Your structural warranty provider or architect/surveyor engaged to provide a certificate acceptable to your mortgage company will insist on a ventilation gap behind the timber cladding which should be a minimum of 19mm (but I would recommend 25mm). Low and high level ventilation is required, behind the allowing cladding, the enabling free flow it to of dry air out after having been exposed to rain or snow; this will also improve the lifespan of the cladding. Particular care has to be taken above and below window and door openings to ensure adequate low and high level ventilation is provided at these points. Anti-insect/ vermin mesh should be fitted at both the low and high ventilation points.
Detailing at Openings
As with all forms of cladding, the devil is in the detail at perforations or changes of direction in the cladding and it is imperative that you/your architect/ cladding supplier agree the details for these areas so that the correct materials are supplied accordingly. Do ensure that the tradespeople employed to fit the cladding are given a copy of the details and advised that they have to be strictly followed.
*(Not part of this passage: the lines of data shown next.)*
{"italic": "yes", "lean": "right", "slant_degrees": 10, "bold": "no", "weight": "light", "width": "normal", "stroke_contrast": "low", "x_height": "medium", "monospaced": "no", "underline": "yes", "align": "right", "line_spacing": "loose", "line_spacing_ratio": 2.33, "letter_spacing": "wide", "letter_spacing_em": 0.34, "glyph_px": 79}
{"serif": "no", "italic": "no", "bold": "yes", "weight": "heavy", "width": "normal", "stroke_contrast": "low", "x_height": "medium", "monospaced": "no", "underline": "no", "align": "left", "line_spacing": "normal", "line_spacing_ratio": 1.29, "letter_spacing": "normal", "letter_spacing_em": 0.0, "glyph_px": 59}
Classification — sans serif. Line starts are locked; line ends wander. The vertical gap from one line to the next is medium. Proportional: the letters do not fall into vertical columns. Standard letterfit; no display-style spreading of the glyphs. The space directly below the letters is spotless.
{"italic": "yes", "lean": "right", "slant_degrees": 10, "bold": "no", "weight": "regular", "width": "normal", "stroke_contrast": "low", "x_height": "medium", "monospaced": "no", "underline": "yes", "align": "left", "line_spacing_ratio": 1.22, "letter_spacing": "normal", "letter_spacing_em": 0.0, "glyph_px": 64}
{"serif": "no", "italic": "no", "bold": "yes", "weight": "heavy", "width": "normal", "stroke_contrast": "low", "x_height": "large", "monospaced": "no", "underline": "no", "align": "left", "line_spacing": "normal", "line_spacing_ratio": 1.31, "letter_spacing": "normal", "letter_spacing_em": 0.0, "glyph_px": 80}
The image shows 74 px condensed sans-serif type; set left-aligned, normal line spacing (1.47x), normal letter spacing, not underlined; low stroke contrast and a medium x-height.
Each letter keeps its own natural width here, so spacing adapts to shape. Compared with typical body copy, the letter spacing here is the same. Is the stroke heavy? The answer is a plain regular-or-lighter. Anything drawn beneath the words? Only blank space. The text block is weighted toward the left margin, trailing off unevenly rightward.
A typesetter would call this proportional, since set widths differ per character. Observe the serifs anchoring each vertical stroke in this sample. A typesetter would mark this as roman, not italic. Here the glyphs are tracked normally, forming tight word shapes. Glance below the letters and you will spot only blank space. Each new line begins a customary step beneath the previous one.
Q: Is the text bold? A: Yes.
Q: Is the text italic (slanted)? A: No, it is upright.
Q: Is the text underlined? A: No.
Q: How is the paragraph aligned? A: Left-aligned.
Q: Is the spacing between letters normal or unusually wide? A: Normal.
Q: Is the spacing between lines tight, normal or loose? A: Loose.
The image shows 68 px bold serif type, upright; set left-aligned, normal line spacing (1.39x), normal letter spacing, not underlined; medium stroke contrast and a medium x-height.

How the timber cladding is fixed is fundamental to its long-term performance both in terms of appearance and durability. In my experience, a large percentage of detrimental issues with cladding are due to the timbers being incorrectly fixed. I would recommend using the best available grade of stainless steel nails/ screws in order to eliminate corrosive leaching, which is very unsightly and can completely spoil the look of the cladding. It is important that the nail/ screw is not overdriven into the board, as this will produce a ‘ bullet-hole’ effect which may compromise the durability of the board; ideally the head of the nail/screw should finish flush to the timber preventing water ingress at the point of fixing. Screw fixing generally gives a better end result as more care is taken in positioning and finishing the screw head flush with the timber surface. In order to prevent splitting at the board ends, pre-drilling is recommended for certain species of timber, or alternatively you could use one of the proprietary screws on the market that boast no pre-drilling being necessary due to their unique design, thus saving time on site.
Horizontal and Vertical Cladding
For horizontal cladding for timber frame and masonry builds, vertical regularised treated timber battens, a minimum 25 x 50mm (forming a 25mm ventilation cavity), should be fixed at a maximum of 600mm centres to which the timber cladding is then fixed. Boards should always be joined on a vertical batten, with the joints being staggered. The bottom edge of the bottom board should be chamfered to allow water to run off freely. The same goes for vertical cladding, except that horizontal battens, a minimum 25 x 50mm at a maximum of 600mm centres, are then fixed to the vertical battens and in turn the timber cladding is fixed. Vertical cladding should always be fixed with the growth rings pointing downwards and the bottom edge of the boards should again be chamfered to allow water to run off freely. Cladding should ideally be kept 300mm above the finished ground level and never less than 150mm, to avoid ‘splash staining’ caused by heavy rainfall on bare soil and moisture absorption by the cladding when there is excessive snowfall.